### WHAT TO WORK ON
Wherever the string "bottom" appears in the records, return the line that holds it.

### RECORDS FOR PROCESSING
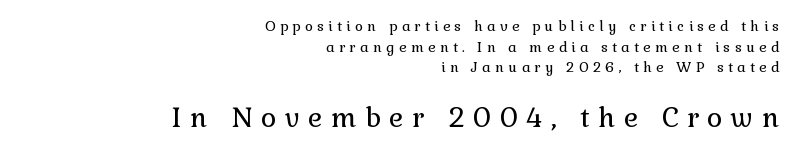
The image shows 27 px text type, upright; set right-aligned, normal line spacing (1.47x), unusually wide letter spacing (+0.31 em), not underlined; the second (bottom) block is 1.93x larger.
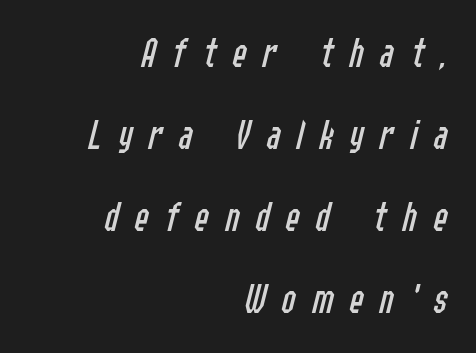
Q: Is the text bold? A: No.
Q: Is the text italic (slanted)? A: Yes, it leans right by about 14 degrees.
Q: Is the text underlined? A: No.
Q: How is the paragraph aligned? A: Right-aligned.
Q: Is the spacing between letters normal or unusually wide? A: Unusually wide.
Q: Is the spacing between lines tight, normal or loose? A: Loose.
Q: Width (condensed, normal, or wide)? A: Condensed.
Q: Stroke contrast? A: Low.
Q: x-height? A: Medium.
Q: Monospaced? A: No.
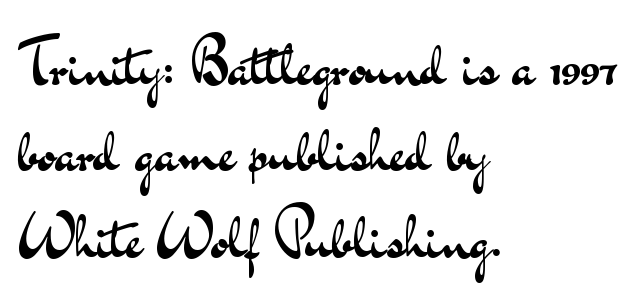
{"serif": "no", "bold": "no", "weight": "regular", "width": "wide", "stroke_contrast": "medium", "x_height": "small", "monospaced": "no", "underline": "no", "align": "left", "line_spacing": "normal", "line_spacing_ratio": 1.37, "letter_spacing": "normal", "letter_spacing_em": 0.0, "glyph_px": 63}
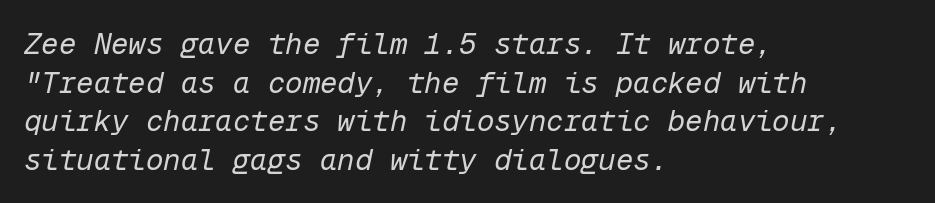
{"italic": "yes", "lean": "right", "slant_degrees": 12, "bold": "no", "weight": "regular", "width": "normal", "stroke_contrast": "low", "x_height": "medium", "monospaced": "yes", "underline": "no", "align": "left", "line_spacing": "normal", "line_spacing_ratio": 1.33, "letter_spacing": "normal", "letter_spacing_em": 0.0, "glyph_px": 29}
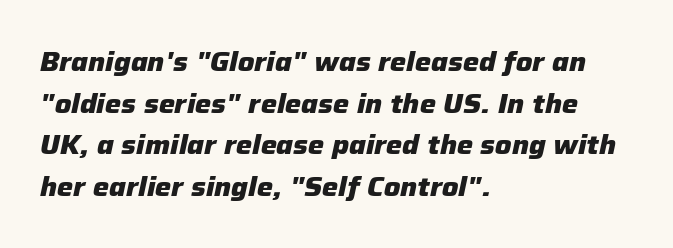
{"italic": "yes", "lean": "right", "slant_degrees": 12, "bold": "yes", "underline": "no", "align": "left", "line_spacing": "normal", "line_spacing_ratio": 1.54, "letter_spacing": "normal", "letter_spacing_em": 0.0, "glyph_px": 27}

---

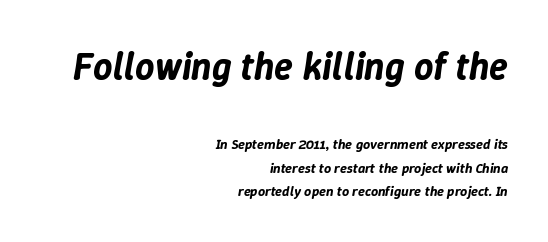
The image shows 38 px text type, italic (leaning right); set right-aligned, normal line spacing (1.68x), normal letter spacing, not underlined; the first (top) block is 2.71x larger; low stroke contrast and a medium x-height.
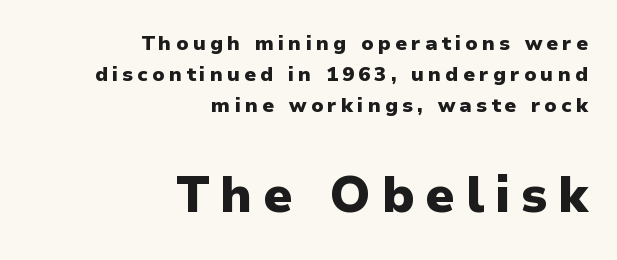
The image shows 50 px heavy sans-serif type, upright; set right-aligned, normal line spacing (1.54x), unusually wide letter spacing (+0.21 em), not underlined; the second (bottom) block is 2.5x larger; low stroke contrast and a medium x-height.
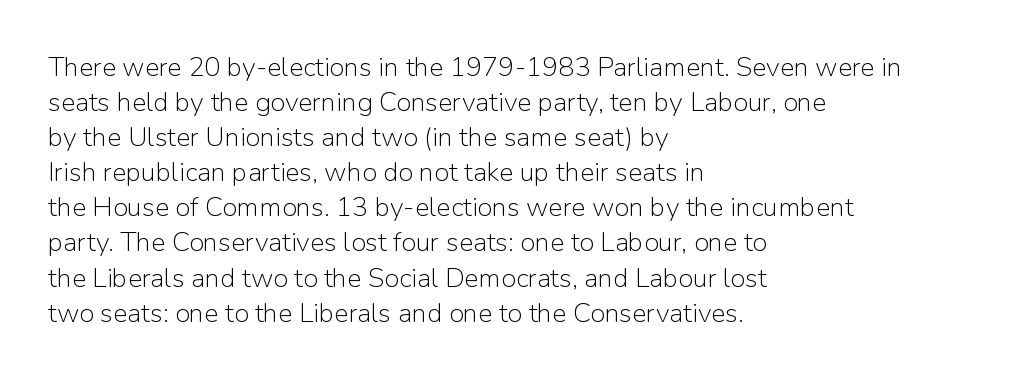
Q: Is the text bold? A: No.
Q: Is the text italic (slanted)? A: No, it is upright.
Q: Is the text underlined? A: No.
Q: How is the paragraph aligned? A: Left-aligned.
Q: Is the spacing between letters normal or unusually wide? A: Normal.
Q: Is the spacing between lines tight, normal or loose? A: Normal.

==

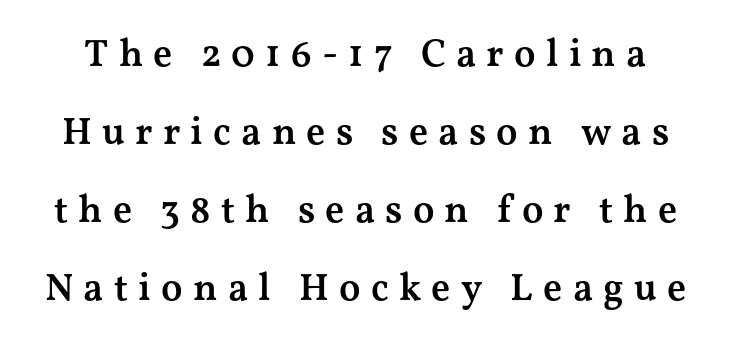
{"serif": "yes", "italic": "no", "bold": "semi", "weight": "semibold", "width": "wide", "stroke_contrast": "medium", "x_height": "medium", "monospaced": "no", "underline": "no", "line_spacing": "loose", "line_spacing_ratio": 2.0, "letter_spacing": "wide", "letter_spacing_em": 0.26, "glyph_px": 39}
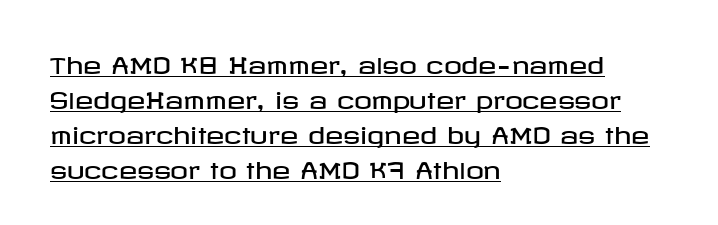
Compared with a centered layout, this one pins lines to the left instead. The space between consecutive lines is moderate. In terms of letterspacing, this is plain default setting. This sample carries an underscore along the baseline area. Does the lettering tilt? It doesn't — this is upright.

### RESPONSE TO THIS EXERCISE
The image shows 27 px text type, upright; set right-aligned, normal line spacing (1.47x), unusually wide letter spacing (+0.31 em), not underlined; the second (bottom) block is 1.93x larger.
The image shows 50 px heavy sans-serif type, upright; set right-aligned, normal line spacing (1.54x), unusually wide letter spacing (+0.21 em), not underlined; the second (bottom) block is 2.5x larger; low stroke contrast and a medium x-height.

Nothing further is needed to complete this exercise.